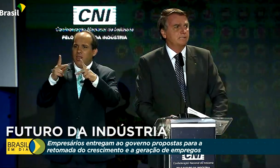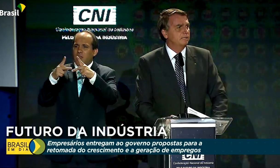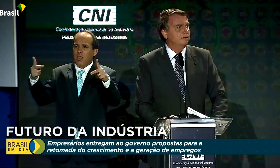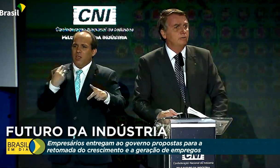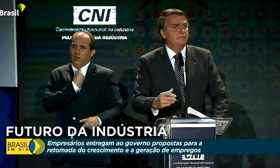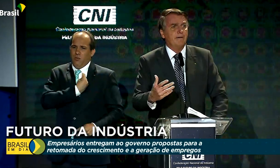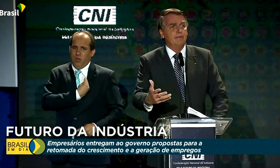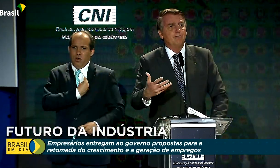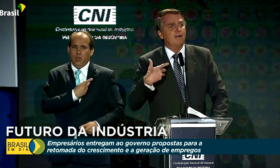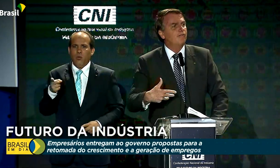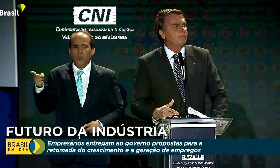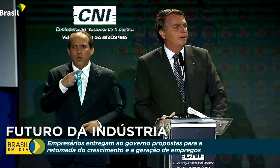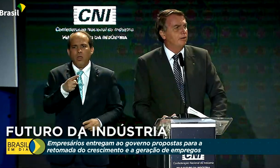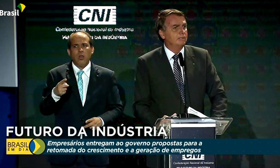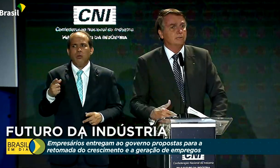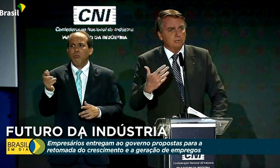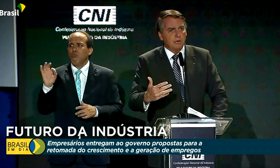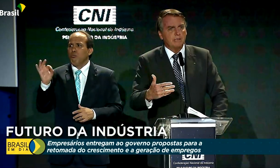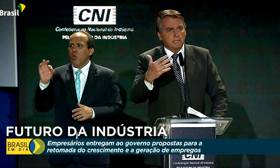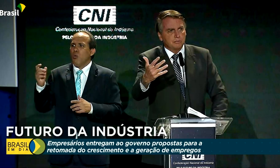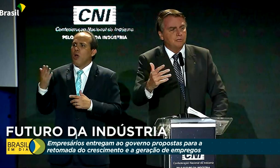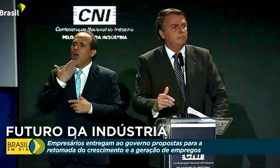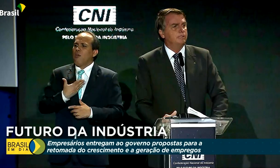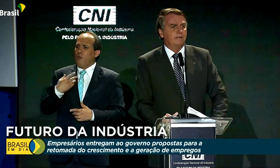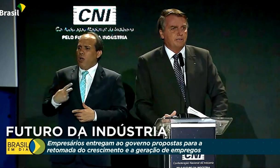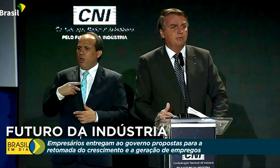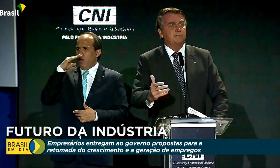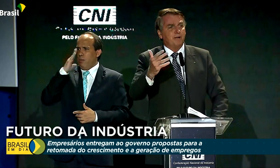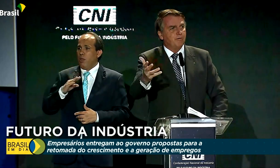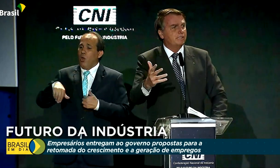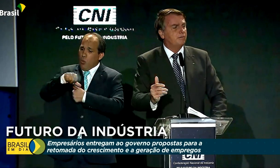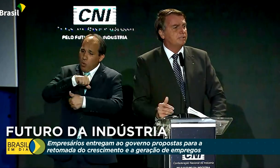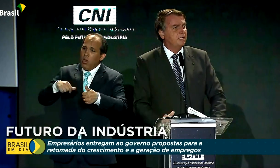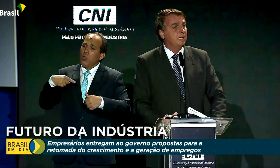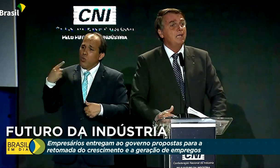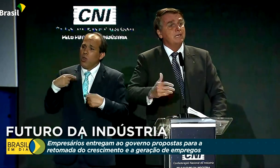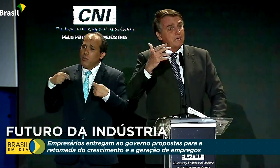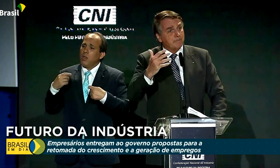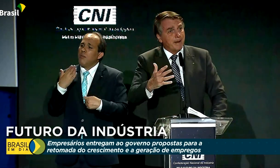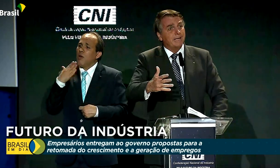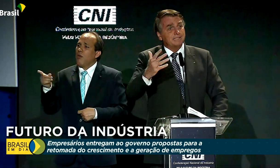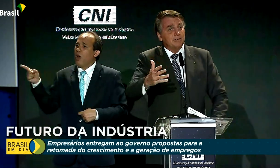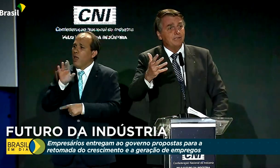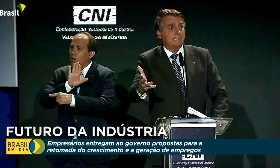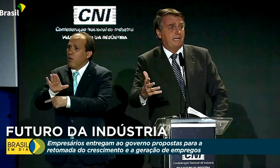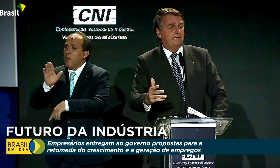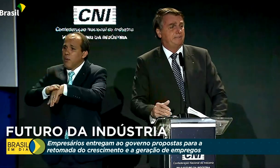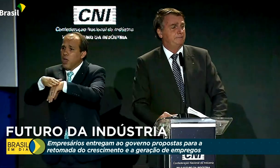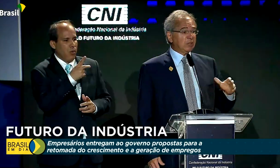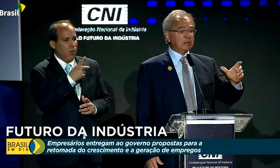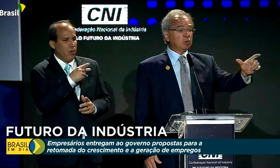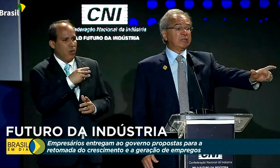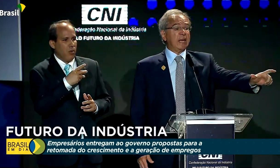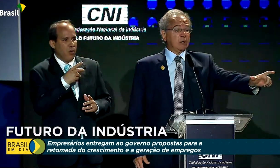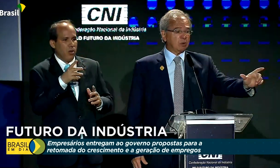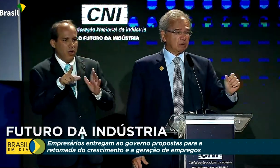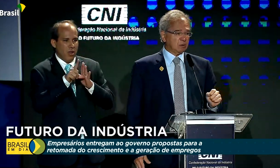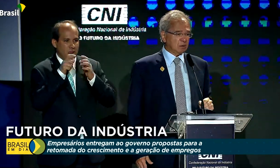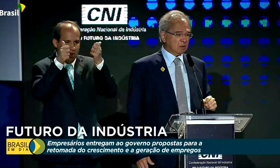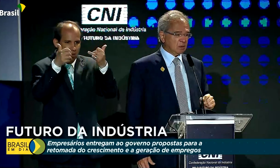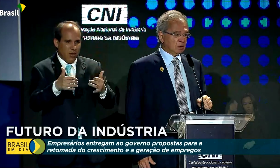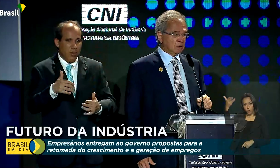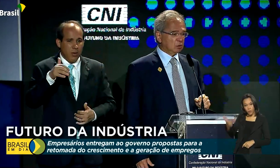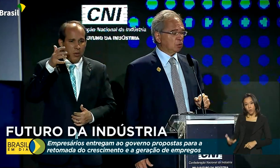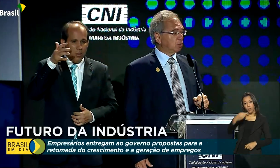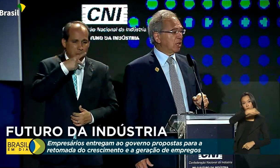Vocês não devem nenhum favor para nós. Nós é que somos devedores de favores a vocês. Quem emprega são vocês. O ministro
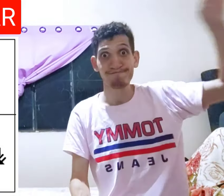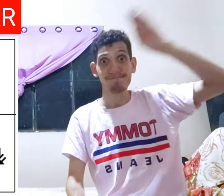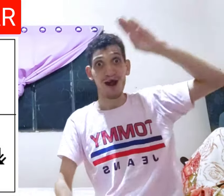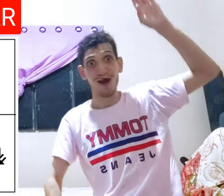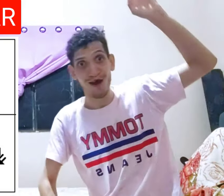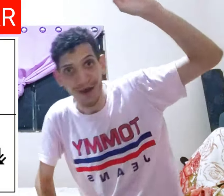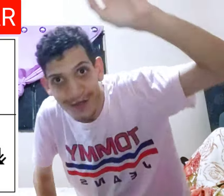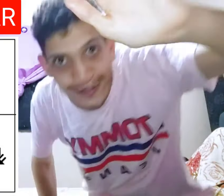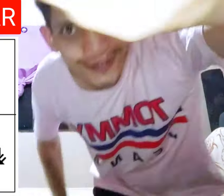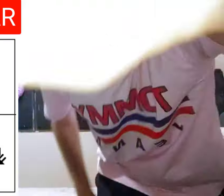Vamos!
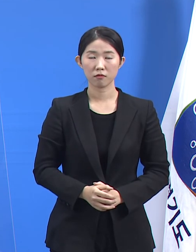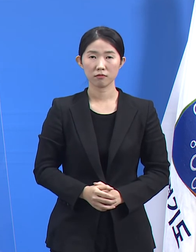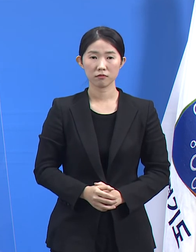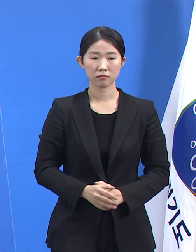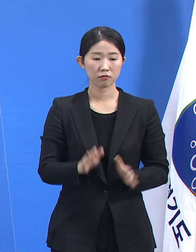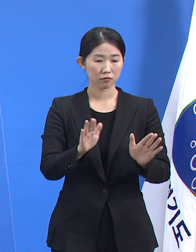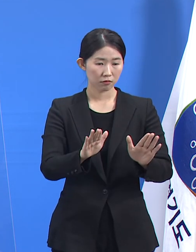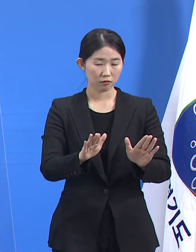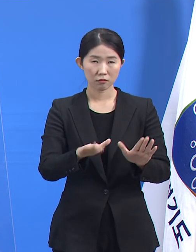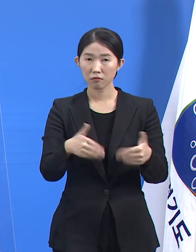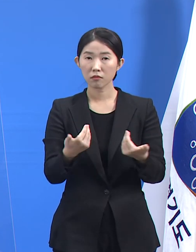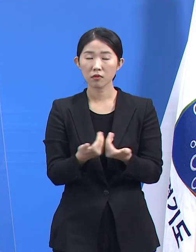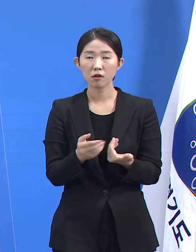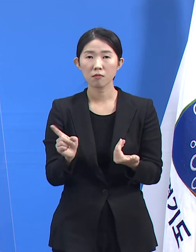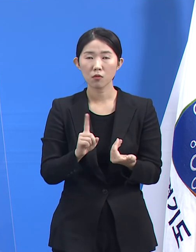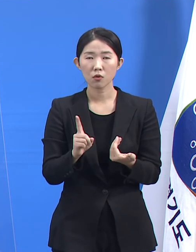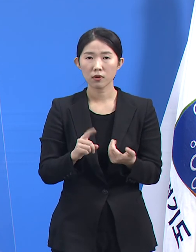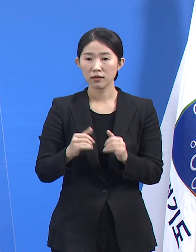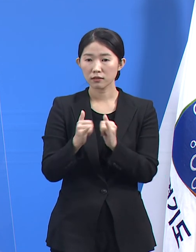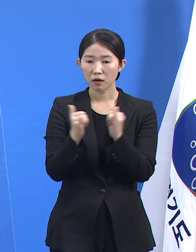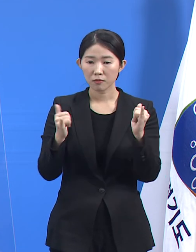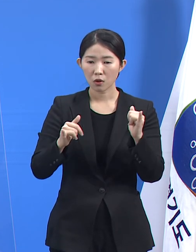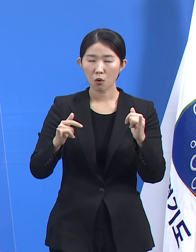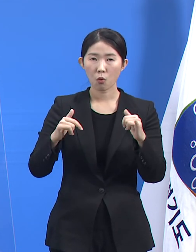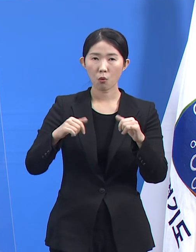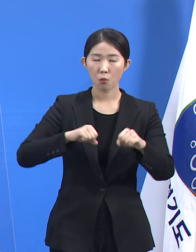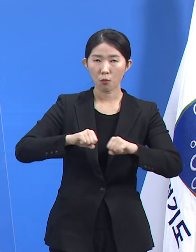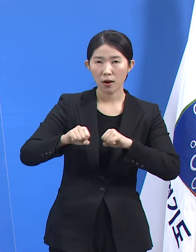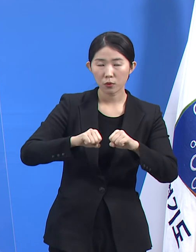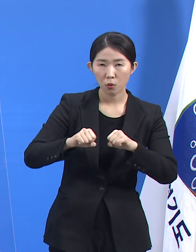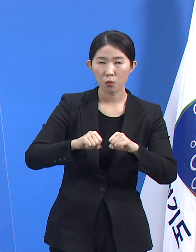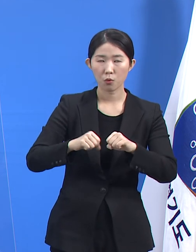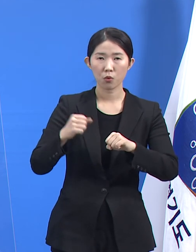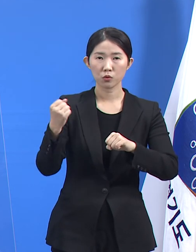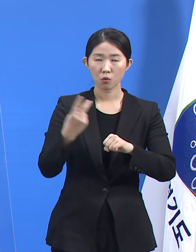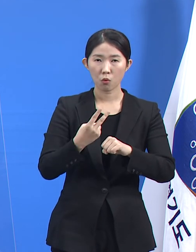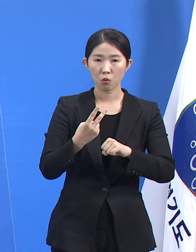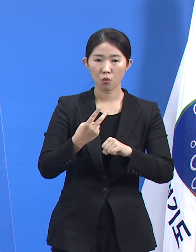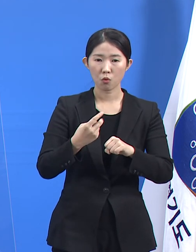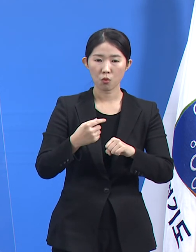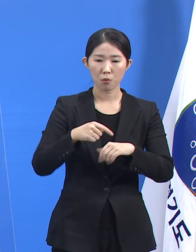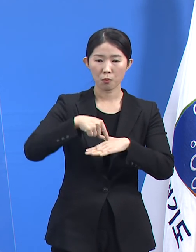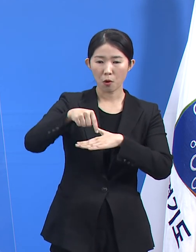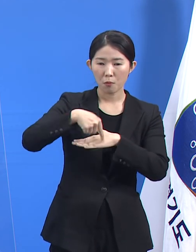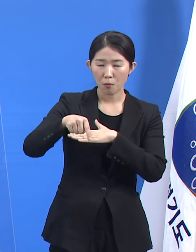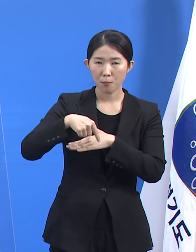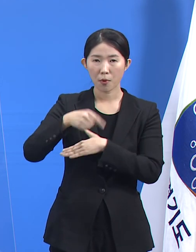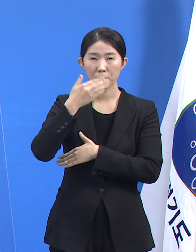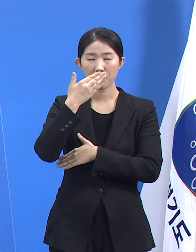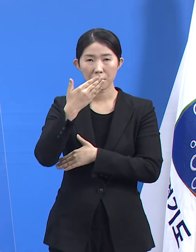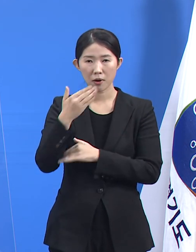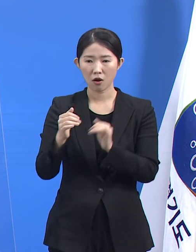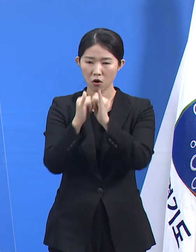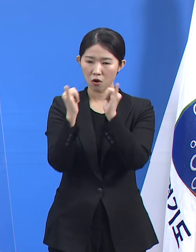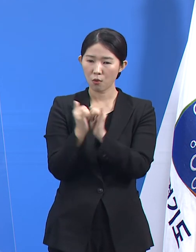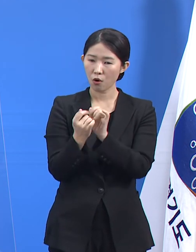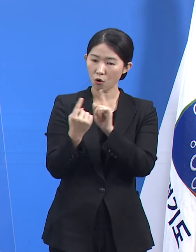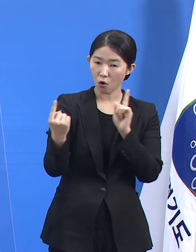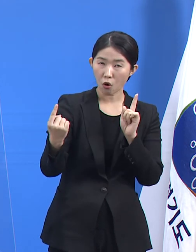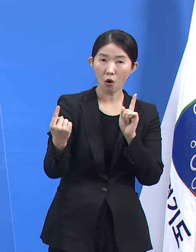시간과 공간의 제약이 줄어들게 되면 확진자 수가 다시 늘어나는 것은 어쩌면

## What you are asked to do:
Repeat all the data as it stands, dropping any images it holds.

## Written reply:
Vocês não devem nenhum favor para nós. Nós é que somos devedores de favores a vocês. Quem emprega são vocês. O ministro
Vamos!
시간과 공간의 제약이 줄어들게 되면 확진자 수가 다시 늘어나는 것은 어쩌면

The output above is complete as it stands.